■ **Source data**
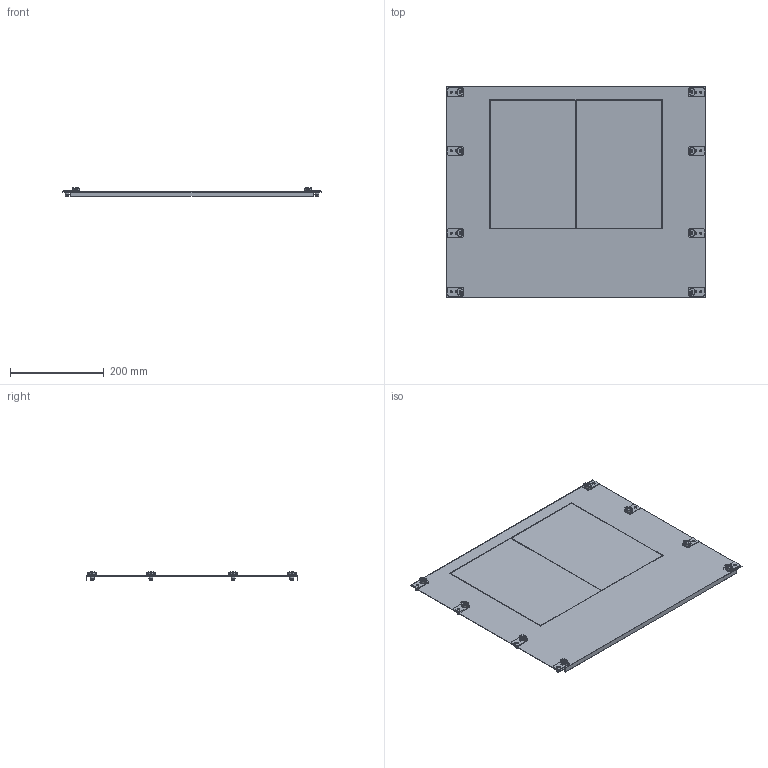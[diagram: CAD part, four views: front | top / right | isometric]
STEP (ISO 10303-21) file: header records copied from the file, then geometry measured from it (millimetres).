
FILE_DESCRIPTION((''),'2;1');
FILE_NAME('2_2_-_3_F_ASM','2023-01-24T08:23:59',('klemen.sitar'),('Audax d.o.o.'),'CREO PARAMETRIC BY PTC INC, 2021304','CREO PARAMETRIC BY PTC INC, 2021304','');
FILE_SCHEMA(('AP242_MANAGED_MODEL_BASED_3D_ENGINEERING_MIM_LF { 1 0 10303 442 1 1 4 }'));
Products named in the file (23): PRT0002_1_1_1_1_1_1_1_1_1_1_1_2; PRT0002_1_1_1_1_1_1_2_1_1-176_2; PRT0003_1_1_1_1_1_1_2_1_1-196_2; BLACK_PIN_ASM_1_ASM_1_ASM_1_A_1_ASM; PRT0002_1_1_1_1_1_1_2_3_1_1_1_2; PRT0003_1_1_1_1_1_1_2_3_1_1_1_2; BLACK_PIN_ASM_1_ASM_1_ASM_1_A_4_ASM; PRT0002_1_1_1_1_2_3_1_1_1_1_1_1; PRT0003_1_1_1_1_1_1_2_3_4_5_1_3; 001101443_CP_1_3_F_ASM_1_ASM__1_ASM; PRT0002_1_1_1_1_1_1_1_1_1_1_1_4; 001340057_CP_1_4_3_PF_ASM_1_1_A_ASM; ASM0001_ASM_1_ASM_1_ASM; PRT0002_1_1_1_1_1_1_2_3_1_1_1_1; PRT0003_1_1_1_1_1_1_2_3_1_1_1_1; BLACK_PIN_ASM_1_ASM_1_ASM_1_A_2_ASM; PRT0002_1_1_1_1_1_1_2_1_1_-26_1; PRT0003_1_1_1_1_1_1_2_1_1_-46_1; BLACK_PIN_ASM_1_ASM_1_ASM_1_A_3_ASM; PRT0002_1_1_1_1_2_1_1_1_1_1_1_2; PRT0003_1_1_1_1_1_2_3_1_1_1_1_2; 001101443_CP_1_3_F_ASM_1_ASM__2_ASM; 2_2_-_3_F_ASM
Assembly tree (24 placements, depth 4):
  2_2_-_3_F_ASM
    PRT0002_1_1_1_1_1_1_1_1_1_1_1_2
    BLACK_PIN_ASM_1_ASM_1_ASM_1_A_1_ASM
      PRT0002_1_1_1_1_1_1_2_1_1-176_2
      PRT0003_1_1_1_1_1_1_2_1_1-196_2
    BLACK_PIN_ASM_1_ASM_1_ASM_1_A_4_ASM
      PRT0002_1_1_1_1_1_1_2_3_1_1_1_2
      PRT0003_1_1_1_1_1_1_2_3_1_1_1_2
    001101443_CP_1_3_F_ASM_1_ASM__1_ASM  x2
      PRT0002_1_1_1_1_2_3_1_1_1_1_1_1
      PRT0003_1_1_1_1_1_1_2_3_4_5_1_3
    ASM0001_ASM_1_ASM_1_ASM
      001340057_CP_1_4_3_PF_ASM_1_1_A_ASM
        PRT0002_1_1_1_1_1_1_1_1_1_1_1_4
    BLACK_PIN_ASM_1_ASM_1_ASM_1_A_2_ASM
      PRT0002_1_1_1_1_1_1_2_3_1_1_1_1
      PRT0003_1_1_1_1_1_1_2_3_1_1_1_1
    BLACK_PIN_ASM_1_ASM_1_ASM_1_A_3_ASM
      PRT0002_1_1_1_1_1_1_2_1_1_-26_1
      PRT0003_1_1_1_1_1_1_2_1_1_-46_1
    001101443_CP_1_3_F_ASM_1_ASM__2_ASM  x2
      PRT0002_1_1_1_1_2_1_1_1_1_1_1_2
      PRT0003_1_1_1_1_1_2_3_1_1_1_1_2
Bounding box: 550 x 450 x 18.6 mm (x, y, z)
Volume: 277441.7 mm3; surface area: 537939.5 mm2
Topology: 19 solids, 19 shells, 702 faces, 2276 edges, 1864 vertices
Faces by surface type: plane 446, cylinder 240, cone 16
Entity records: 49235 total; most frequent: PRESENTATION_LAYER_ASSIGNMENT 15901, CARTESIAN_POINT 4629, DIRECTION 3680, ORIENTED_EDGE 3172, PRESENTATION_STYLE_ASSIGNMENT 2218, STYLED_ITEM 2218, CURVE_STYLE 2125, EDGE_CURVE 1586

---

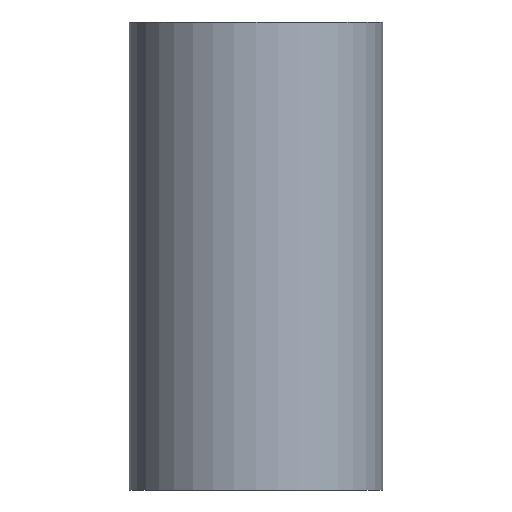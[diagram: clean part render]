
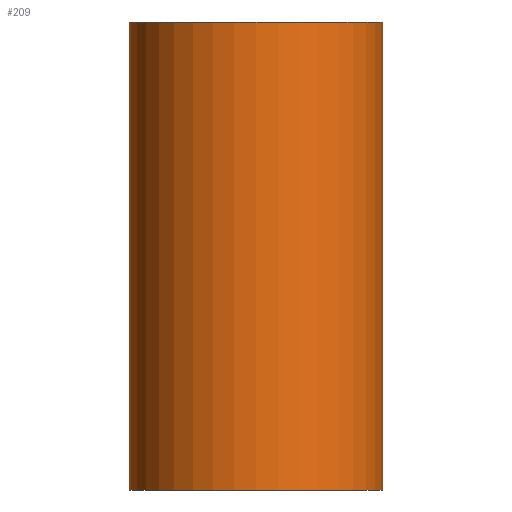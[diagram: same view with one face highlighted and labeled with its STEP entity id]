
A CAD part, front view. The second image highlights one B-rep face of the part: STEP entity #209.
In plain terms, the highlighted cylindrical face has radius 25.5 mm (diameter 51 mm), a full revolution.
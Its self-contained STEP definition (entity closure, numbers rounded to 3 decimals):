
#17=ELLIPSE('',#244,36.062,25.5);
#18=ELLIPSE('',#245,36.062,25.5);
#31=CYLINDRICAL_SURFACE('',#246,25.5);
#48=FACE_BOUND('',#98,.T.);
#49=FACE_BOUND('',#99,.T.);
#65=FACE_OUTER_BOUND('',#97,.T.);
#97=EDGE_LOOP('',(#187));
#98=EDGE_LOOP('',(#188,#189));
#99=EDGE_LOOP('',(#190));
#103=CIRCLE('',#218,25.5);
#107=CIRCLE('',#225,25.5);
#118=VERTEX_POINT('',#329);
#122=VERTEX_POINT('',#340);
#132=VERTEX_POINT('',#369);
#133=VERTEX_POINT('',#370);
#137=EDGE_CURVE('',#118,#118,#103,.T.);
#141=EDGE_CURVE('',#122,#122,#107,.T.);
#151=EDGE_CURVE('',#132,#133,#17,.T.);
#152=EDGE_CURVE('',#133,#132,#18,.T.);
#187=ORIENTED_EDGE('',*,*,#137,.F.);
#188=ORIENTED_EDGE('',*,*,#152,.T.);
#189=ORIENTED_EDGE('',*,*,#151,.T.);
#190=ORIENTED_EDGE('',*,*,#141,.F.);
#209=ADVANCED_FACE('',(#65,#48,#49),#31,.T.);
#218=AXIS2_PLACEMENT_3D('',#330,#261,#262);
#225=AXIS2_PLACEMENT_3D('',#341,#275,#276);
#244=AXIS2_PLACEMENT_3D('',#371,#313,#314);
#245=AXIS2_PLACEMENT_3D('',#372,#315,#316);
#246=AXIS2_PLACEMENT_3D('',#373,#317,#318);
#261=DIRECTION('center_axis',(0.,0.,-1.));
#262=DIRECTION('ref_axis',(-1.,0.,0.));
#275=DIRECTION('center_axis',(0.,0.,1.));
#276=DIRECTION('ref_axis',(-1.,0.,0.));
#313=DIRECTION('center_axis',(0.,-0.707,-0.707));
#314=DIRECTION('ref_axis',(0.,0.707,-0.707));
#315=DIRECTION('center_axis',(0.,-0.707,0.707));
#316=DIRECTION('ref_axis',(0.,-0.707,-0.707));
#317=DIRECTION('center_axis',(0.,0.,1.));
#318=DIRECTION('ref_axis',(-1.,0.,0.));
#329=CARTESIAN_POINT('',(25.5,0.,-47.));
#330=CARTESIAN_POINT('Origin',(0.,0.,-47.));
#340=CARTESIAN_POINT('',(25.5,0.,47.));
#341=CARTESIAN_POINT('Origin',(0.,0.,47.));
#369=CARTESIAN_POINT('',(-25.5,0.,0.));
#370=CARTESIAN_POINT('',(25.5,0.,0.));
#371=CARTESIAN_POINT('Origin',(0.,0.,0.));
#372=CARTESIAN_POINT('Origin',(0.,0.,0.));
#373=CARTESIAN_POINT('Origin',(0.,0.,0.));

---

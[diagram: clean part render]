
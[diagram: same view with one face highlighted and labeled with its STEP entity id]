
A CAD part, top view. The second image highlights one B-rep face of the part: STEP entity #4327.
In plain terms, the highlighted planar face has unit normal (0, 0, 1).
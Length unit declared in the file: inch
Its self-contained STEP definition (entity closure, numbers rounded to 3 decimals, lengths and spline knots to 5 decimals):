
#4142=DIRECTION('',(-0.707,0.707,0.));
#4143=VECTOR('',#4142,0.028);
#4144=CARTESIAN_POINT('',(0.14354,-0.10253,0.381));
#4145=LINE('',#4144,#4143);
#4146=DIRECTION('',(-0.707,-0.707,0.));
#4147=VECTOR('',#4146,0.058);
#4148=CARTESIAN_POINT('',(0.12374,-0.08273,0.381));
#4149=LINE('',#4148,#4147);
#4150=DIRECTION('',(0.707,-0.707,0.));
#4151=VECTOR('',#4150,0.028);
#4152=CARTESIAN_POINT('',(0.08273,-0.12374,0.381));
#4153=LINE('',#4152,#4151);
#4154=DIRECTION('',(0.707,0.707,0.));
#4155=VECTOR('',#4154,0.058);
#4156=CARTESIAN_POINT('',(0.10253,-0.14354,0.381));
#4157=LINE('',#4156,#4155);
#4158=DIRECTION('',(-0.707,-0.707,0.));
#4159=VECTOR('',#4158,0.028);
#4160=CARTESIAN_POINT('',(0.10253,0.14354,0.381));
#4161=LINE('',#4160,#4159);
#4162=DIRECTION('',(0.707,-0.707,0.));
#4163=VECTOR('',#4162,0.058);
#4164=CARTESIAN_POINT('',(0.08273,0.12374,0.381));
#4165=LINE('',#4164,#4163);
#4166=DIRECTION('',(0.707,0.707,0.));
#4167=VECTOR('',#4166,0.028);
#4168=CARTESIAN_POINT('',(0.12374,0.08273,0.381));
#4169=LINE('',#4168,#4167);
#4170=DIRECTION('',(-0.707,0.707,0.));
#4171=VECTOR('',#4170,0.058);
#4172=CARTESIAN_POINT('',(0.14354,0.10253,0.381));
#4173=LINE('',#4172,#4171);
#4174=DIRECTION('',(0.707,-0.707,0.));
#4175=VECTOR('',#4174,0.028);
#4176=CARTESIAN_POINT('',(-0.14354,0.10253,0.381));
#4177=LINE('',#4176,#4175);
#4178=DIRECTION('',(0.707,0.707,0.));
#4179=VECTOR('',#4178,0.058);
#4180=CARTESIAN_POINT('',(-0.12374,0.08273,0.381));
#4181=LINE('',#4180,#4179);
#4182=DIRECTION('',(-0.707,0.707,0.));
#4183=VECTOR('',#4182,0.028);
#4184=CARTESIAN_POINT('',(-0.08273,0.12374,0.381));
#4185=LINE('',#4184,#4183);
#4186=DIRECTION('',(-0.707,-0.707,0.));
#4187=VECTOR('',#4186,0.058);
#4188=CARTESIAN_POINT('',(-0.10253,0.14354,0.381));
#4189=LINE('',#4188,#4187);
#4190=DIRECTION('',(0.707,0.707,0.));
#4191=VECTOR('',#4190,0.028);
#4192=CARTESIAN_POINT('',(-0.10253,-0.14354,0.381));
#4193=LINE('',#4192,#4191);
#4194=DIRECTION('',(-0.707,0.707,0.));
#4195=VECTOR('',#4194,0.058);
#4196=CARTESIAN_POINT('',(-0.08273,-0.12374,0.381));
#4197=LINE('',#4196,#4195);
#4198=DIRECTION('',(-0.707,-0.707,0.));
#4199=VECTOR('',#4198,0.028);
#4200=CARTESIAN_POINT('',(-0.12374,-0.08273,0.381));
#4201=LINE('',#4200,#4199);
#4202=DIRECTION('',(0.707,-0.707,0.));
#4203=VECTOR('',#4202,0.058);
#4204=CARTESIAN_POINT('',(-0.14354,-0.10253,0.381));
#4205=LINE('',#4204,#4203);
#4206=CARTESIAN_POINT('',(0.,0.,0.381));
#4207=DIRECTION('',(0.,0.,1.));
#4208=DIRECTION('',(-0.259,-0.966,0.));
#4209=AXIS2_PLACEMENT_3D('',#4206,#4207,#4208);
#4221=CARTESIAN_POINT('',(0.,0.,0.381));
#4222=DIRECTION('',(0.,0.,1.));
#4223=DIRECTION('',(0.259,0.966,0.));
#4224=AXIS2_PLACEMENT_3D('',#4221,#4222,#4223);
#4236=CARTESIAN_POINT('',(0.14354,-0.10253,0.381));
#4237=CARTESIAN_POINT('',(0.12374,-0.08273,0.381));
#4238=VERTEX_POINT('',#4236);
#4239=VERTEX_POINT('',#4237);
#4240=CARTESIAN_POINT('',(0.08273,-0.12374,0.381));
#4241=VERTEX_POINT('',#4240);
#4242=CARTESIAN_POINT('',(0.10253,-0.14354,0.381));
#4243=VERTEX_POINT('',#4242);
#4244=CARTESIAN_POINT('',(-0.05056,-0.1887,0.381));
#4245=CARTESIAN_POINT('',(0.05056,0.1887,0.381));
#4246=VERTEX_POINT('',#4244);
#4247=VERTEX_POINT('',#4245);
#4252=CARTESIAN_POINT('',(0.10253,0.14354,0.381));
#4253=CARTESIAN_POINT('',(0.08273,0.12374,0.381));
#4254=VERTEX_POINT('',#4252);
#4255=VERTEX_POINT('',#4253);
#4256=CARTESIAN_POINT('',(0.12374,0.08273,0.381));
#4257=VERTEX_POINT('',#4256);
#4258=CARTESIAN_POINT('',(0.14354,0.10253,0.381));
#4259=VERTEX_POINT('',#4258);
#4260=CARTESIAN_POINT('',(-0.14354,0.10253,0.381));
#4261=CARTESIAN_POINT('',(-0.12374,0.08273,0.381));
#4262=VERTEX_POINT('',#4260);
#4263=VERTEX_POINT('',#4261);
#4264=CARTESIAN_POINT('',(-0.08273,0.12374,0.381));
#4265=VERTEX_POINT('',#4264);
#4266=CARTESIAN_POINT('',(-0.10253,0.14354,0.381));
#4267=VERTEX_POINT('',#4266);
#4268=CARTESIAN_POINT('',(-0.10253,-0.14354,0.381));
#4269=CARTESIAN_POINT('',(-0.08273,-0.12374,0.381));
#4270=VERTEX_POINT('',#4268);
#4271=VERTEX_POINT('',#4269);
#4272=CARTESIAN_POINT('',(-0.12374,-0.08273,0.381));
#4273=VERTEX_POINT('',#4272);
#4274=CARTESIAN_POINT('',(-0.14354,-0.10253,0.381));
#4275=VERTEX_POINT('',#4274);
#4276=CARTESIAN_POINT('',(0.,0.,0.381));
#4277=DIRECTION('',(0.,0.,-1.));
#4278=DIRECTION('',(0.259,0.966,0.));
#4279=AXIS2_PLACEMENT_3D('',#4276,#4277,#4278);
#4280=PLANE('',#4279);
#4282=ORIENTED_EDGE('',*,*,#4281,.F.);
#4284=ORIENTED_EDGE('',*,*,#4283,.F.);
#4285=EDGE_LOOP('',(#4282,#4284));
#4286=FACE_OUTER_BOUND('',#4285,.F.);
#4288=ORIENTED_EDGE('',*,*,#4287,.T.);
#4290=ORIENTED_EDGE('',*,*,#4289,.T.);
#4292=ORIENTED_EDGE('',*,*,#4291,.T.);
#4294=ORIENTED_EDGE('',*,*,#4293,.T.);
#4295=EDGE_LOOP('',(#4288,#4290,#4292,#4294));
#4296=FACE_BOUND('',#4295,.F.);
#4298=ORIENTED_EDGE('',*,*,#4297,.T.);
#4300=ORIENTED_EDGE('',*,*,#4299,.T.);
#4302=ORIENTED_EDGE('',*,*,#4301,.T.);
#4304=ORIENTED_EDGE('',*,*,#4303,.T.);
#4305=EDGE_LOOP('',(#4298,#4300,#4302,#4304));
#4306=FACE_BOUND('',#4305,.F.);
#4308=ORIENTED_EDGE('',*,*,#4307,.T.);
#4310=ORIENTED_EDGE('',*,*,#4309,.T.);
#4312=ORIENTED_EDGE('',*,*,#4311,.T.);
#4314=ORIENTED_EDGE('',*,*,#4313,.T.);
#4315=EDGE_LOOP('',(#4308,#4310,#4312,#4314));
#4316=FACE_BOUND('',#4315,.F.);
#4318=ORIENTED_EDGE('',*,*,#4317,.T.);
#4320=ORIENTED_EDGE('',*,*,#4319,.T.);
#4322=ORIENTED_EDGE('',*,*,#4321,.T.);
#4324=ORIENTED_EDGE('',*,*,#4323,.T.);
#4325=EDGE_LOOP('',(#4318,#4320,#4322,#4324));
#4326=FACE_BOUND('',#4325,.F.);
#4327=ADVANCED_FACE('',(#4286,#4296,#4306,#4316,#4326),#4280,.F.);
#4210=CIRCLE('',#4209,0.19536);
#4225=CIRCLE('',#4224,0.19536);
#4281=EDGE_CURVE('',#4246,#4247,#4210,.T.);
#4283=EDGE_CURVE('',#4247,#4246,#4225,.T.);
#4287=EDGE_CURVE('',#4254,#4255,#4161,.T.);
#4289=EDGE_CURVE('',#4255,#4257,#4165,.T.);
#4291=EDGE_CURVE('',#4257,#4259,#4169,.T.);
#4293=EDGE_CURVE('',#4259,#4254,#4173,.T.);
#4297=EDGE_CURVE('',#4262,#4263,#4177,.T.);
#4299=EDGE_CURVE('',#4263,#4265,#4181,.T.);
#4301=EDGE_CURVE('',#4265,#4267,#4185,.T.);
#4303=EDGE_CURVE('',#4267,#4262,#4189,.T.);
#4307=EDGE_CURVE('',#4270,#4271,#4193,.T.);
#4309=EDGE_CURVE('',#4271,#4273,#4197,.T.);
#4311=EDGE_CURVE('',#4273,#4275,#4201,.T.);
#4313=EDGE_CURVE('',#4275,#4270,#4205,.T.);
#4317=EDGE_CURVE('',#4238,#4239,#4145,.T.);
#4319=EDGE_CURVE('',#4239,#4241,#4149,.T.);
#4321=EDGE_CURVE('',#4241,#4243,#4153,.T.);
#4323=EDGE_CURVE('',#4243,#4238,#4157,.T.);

■ **TASK DIRECTIONS**
Using the data above, repeat exactly the lines that begin at the line with "#4304=ORIENTED_EDGE('',*,*,#4303,.T.);" and end at the line with "#4326=FACE_BOUND('',#4325,.F.);", both ends included.

■ **OUTPUT FOR THIS TASK**
#4304=ORIENTED_EDGE('',*,*,#4303,.T.);
#4305=EDGE_LOOP('',(#4298,#4300,#4302,#4304));
#4306=FACE_BOUND('',#4305,.F.);
#4308=ORIENTED_EDGE('',*,*,#4307,.T.);
#4310=ORIENTED_EDGE('',*,*,#4309,.T.);
#4312=ORIENTED_EDGE('',*,*,#4311,.T.);
#4314=ORIENTED_EDGE('',*,*,#4313,.T.);
#4315=EDGE_LOOP('',(#4308,#4310,#4312,#4314));
#4316=FACE_BOUND('',#4315,.F.);
#4318=ORIENTED_EDGE('',*,*,#4317,.T.);
#4320=ORIENTED_EDGE('',*,*,#4319,.T.);
#4322=ORIENTED_EDGE('',*,*,#4321,.T.);
#4324=ORIENTED_EDGE('',*,*,#4323,.T.);
#4325=EDGE_LOOP('',(#4318,#4320,#4322,#4324));
#4326=FACE_BOUND('',#4325,.F.);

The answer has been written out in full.